Los discursos elaborados en las autopresentaciones reproducen estos estereotipos y no contribuyen a transformarlos. Todos los adolescentes se muestran conscientes de estos prejuicios pero manifiestan dificultad (incluso imposibilidad) para superarlos, lo cual legitima un bagaje cultural machista.

Presión por erotizar

Según las profesoras del Departamento de Estudios de Comunicación Cilia Willem, Iolanda Tortajada y Núria Araüna, también miembros del grupo de investigación Asterisc, estos marcadores de clase sirven para establecer límites entre las chicas en las redes sociales, donde la norma es la autosexualización

Una de las preocupaciones de las chicas que han participado en los grupos de discusión ha sido evitar ser etiquetadas como chonis cuando construyen una imagen atractiva. A lo largo de la investigación, ellas han expresado la presión que sienten por erotizar, ya sea a través del refuerzo positivo del grupo de iguales o por el peso de una cultura mediática que cosifica a las mujeres. Y a la vez, son juzgadas por esta sexualización.
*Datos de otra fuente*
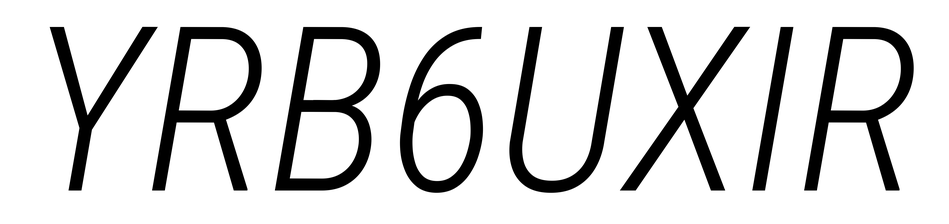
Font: Roboto-Italic_Condensed_Light_Italic

Los resultados del trabajo coinciden con el estereotipo con el que son cargadas las mujeres de clase trabajadora en otros contextos culturales como, por ejemplo, en el Reino Unido, donde la figura de la chav femenina es vista como una exhibición continua de falta de cultura, de estilo y de gusto.
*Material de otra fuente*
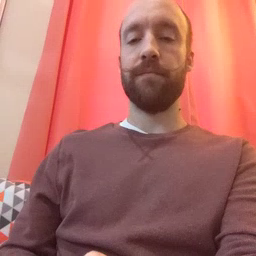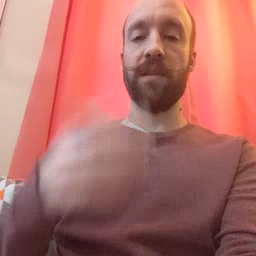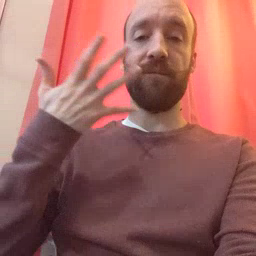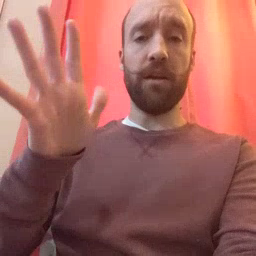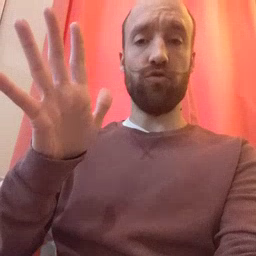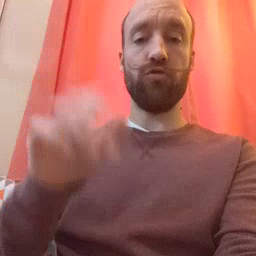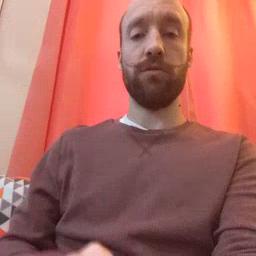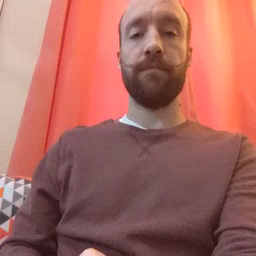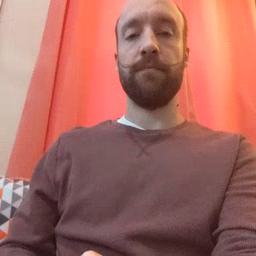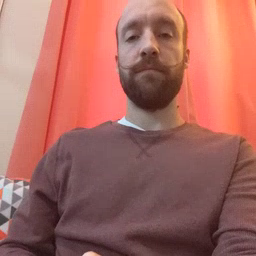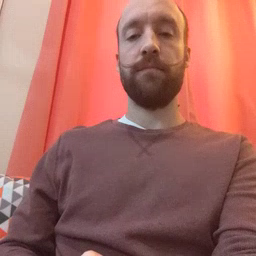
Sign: finish

A pesar de que hay un cierto grado de control del estilo y del gusto que proporciona a las chicas guías sobre cómo no perjudicar su reputación sexual y social, los juicios de los demás se escapan de su control. 

Así, para la pija, definir a la choni es establecer la línea que no se debe pasar, aquello que justifica la propia autosexualización, presentada como una exhibición casi artística. A pesar de que pijas y chonis son susceptibles de recibir críticas de carácter sexual, la mayoría de los participantes en la investigación afirmaban que las autopresentaciones de las pijas acababan esquivando la sanción y otorgándoles popularidad y estatus.

No solo los chicos etiquetan a las chicas como chonis sino que, de manera defensiva, también lo hacen las chicas entre ellas. Obviamente, todos reconocen y aplican la dualidad, pero intentan posicionarse fuera.

Así, con el objetivo de librarse del estigma de la choni lo transfieren a otras. Esta carencia de solidaridad de clase entre mujeres, tal como expresan todas las personas que han participado en el trabajo, es un aspecto del postfeminismo muy estudiado. 

A la estigmatización de género y de clase se deben añadir los juicios a las chonis como «imprudentes» por compartir o subir fotos sexualizadas en una sociedad que responsabiliza a las mujeres de las agresiones que sufren.

Después de haber estudiado las desigualdades de género y de clase social entre la población adolescente en las redes sociales desde el año 2008, este equipo de investigación de la URV acaba de poner en marcha un proyecto I+D sobre la dimensión apoderadora de las creaciones audiovisuales en red llevadas a cabo por youtubers.